My favorite approach at this point is to measure the reference intensity R_ij = I_ij0 + S_ij0 just before the high to low transition of the start bit and then set a threshhold T_ij = R_ij-D. Now D can be set (on the dip switches) based on the noise in the digitized video signal, and we can still see weak signals on top of strong background light intensity, as long as the signal is not so weak that it becomes comparable to the noise.

Implementation

To implement any of these techniques, each time you get a new pixel intensity value from the ADC you will need to

read the previous value from SRAM
compare the two using some threshholding approach
write the new value into the SRAM

Based on the comparison of the current and previous values, you may decide that the input just made a transition from a logic 1 to a logic 0. If this is the case, then you need to activate some additional circuitry to start paying attention to this particular i,j location, and track what it does over the next 40 frames (40 frames = 10 bits * 4 frames/bit; 10 bits = start, 8 data, stop).

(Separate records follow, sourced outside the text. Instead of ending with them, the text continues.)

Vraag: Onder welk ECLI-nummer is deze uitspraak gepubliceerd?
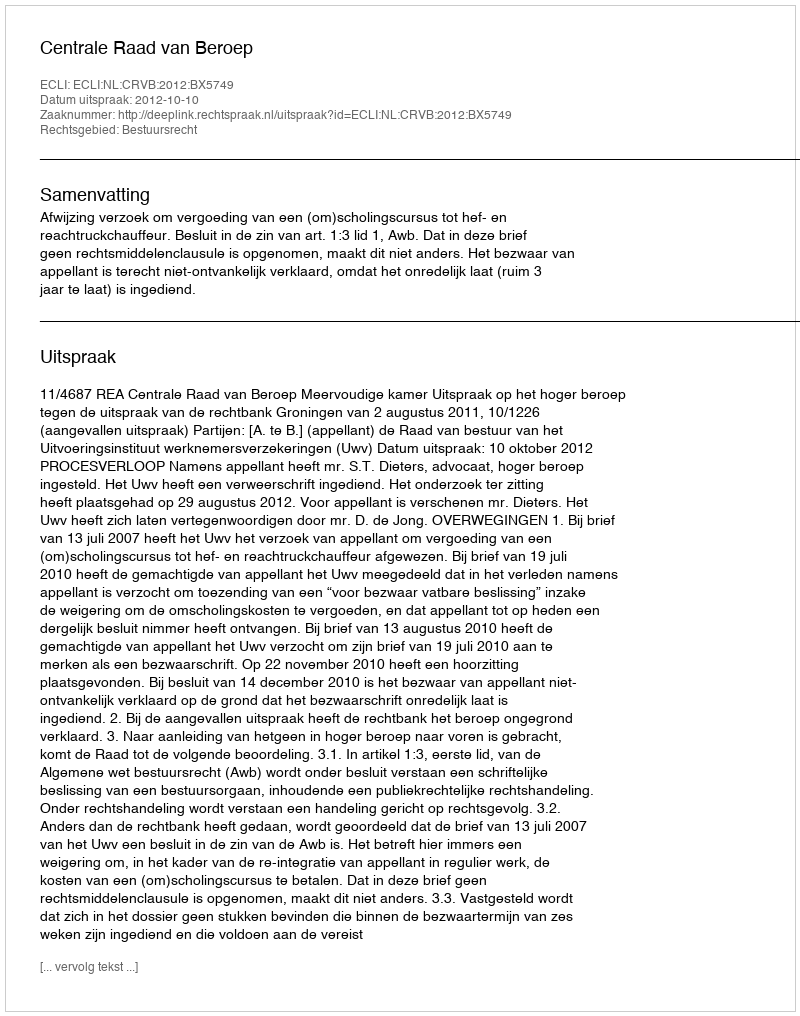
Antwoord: ECLI:NL:CRVB:2012:BX5749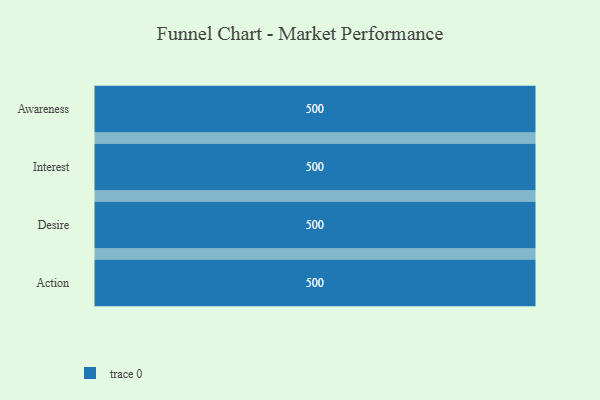
{"axis": {"x": "Stage", "y": "Value"}, "legend": [""], "data": [{"x": "Awareness", "y": 500, "type": ""}, {"x": "Interest", "y": 500, "type": ""}, {"x": "Desire", "y": 500, "type": ""}, {"x": "Action", "y": 500, "type": ""}]}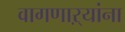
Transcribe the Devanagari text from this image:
वागणाऱ्यांना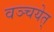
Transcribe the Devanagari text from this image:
वञ्चयेत्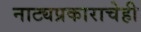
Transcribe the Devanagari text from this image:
नाट्यप्रकाराचेही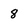
Character: 8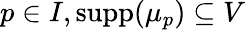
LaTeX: p\in I,\operatorname{supp}(\mu_{p})\subseteq V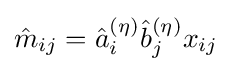
{\hat {m}}_{ij}={\hat {a}}_{i}^{(\eta )}{\hat {b}}_{j}^{(\eta )}x_{ij}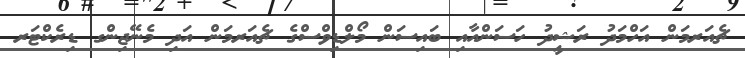
ޗެއަރމަން އަހްމަދު ރަޝީދު ހަސަންއާއި ބައިސަން މޯލްޑިވްސްގެ ޗެއަރމަން އަދި މެނޭޖިންގ ޑިރެކްޓަރ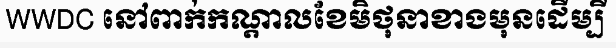
WWDC នៅពាក់កណ្តាលខែមិថុនាខាងមុនដើម្បី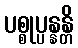
ပစ္စုပ္ပန္နန္တိ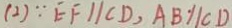
( 2 ) \because E F / / C D , A B / / C D
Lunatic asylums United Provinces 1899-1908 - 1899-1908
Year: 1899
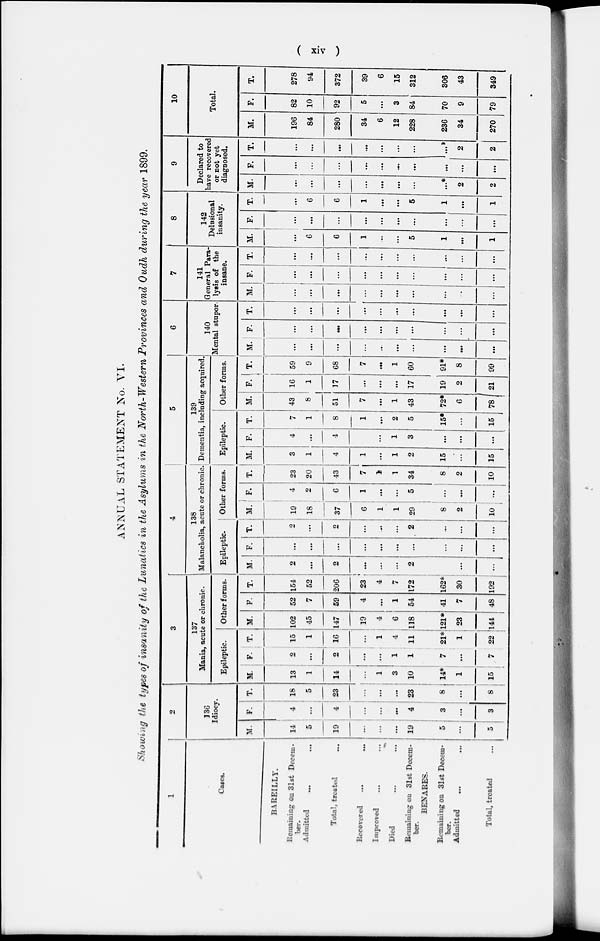
( xiv )
ANNUAL STATEMENT No. VI.
Showing the types of insanity of the Lunatics in the Asylums in the North-Western Provinces and Oudh during the year 1899.
1
Cases.
BAREILLY.
Remaining on 31st Decem-
ber.
Admitted ... ...
Total, treated ...
Recovered ... ...
Improved ... ...
Died ... ...
Remaining on 31st Decem-
ber.
BENARES.
Remaining on 31st Decem-
ber.
Admitted ... ...
Total, treated
...
2
136
Idiocy.
M.
14
5
19
...
...
...
19
5
...
5
F.
4
...
4
...
...
...
4
3
...
3
T.
18
5
23
...
...
...
23
8
...
8
3
137
Mania, acute or chronic.
Epileptic.
M.
13
1
14
...
1
3
10
14*
1
15
F.
2
...
2
...
...
1
1
7
...
7
T.
15
1
16
...
1
4
11
21*
1
22
Other forms.
M.
102
45
147
19
4
6
118
121*
23
144
F.
52
7
59
4
...
1
54
41
7
48
T.
154
52
206
23
4
7
172
162*
30
192
4
138
Malancholia, acute o
Epileptic.
M.
2
...
2
...
...
...
2
...
...
F.
...
...
...
...
...
...
...
...
...
...
T.
2
...
2
...
...
...
2
...
...
...
Other
M.
19
18
37
6
1
1
29
8
2
10
or chronic.
er forms.
F.
4
2
6
1
...
...
5
...
...
...
T.
23
20
43
7
1
1
34
8
2
10
5
139
Dementia, including acquired.
Epileptic.
M.
1
1
4
1
...
1
2
15
...
15
F.
4
...
4
...
1
3
...
...
...
T.
7
1
8
1
...
2
5
15*
...
15
Other forms.
M.
43
8
51
7
...
1
43
72*
6
78
F.
16
1
17
...
...
...
17
19
2
21
T.
59
9
68
7
...
1
60
91*
8
99
6
140
Mental stupor.
M.
...
...
...
...
...
...
...
...
...
...
F.
...
...
...
...
...
...
...
...
...
...
T.
...
...
...
...
...
...
...
...
...
...
7
141
General Para-
lysis of the
insane.
M.
...
...
...
...
...
...
...
...
...
...
F.
...
...
...
...
...
...
...
...
...
...
T.
...
...
...
...
...
...
...
...
...
...
8
142
Delusional
insanity.
M.
...
6
6
1
...
...
5
1
...
1
F.
...
...
...
...
...
...
.. .
...
...
...
T.
...
6
6
1
...
...
5
1
...
1
9
Declared to
have recovered
or not yet
diagnosed.
M.
...
...
...
...
...
...
...
...*
2
...
F.
...
...
...
...
...
...
...
...
...
...
T.
...
...
...
...
...
...
...
...*
2
2
10
Total.
M.
196
84
280
34
6
12
228
236
34
270
F.
82
10
92
5
...
3
84
70
9
79
T.
278
94
372
39
6
15
312
306
43
349

The threshhold(s) should be input from the dip switches on your Xilinx board.

Single detector circuit

The minimal successful project needs to be able to find one transmitter at a time. One approach to this would be to have two registers to hold the i and j address of the current transmitter, a frame counter to keep track of where you are in the transmission sequence timing, and a shift register to hold the data that has been seen so far. After getting the "I found a start bit!" alert from the pixel reader above, the sequencing might look something like this:

Clear the frame counter and data reg., load the row/col registers with the current address
foreach frame from 1 to 39, for each row/col pair in the frame:

if current row/col != row/col of interest continue, else
if frame = 2,3, or 4, check to make sure that this is a valid start bit
if frame = 37, or 38, check to make sure that this is a valid stop bit
if frame = 6, 10, 14, 18, 22, 26, 30, 34 % middle of all of the data bits

use threshhold alg. to figure out what the value of this bit is
shift that bit into the data register

send data to the serial transmitter

Multiple detector circuits

One of your TAs (Charles Kunzman) had the clever idea that if you implement the single detector circuit above as a block, and can make multiple copies, then you just need to have a little bit of circuitry in the block that figure out if it should grab the "I found a start bit!" signal, or pass it on to the next block. That way you can add as many blocks as will fit on your xilinx chips, and be able to receive that many signals at once.

Single detector per row

Since you've got 10 microseconds at the end of each line of video to think, you might consider using that time to read and write to some SRAM locations. This would allow you to dedicate some of your SRAM to perform the register functions of a single detector circuit. In this case, you only need to store the column, data, and frame count information, since the row information is supplied by the current value of your row pointer.

Detector on every pixel

If you've got enough RAM and enough time, you could store several variables per pixel. In particular: last pixel value (like all of the modes above), current frame count (zero means haven't seen any falling edge), and data. You could either add more RAM chips onto your board (if you've got enough free i/o pins on the Xilinx to bring in 24 bits of data per RAM access instead of 8), or maybe you've got enough time to do multiple RAM accesses per pixel, or maybe a combination of the two.